Executive agrees that he shall not use for his own benefit such Confidential Information or trade secrets acquired during the Employment Term. Further, Executive shall not, without the written consent of the Board or a person duly authorized thereby, which consent may be given or withheld in the Company’s sole discretion, disclose to any person, other than an employee of the Company or a person to whom disclosure is reasonably necessary or appropriate in connection with the performance by Executive of his duties, any Confidential Information or trade secrets obtained by him during the Employment Term.
(b) Return of Confidential Information. Upon any termination of employment, Executive agrees to deliver any Company property and any documents, notes, drawings, specifications, computer software, data and other materials of any nature pertaining to any Confidential Information that are held by Executive and will not take any of the foregoing, or any reproduction of any of the foregoing, that is embodied an any tangible medium of expression, provided that the foregoing shall not prohibit Executive from retaining his personal phone directories and rolodexes.
(c) Exceptions.
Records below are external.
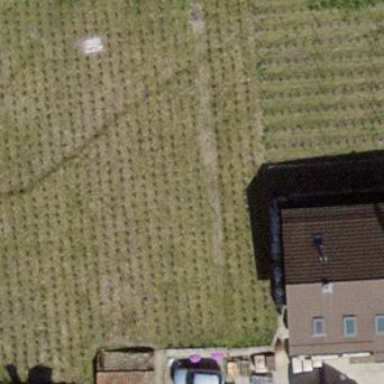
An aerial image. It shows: Vineyard growing grapes.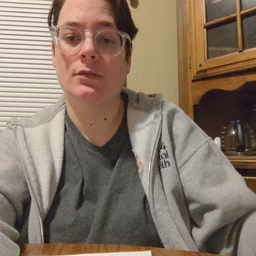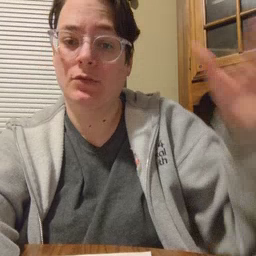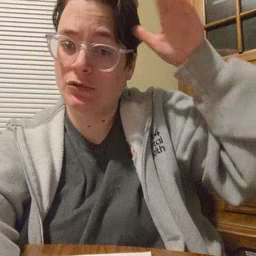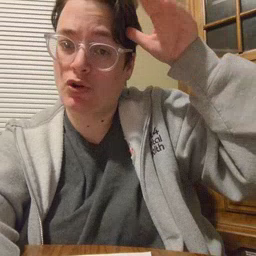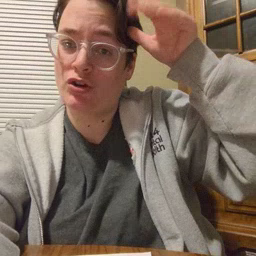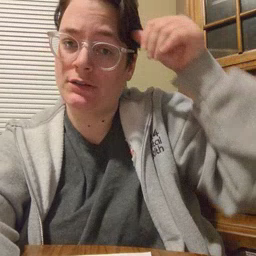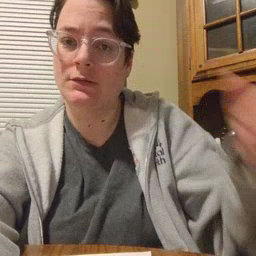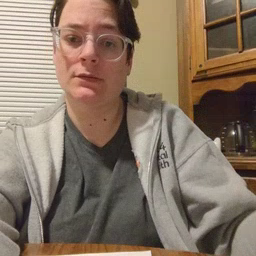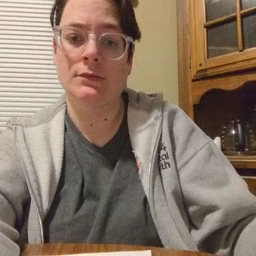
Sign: donkey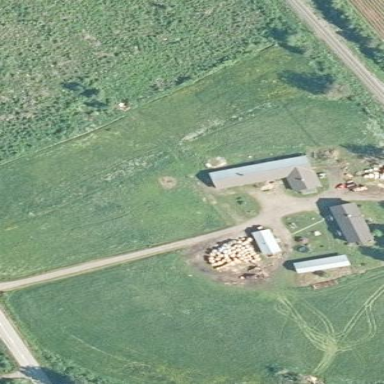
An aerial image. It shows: Farmyard area.

The restrictions and obligations in Section 15(a) shall not apply with respect to any Confidential Information which (i) is or becomes generally available to the public through any means other than a breach by Executive of his obligations under this Agreement; (ii) is disclosed to Executive without an obligation of confidentiality by a third party that is not an affiliate of the Company who has the right to make such disclosure; (iii) is developed by Executive independent of his performance of duties hereunder without use of or benefit from the Confidential Information; (iv) was in possession of Executive without obligations of confidentiality prior to receipt under this Agreement; or (v) is required to be disclosed by law.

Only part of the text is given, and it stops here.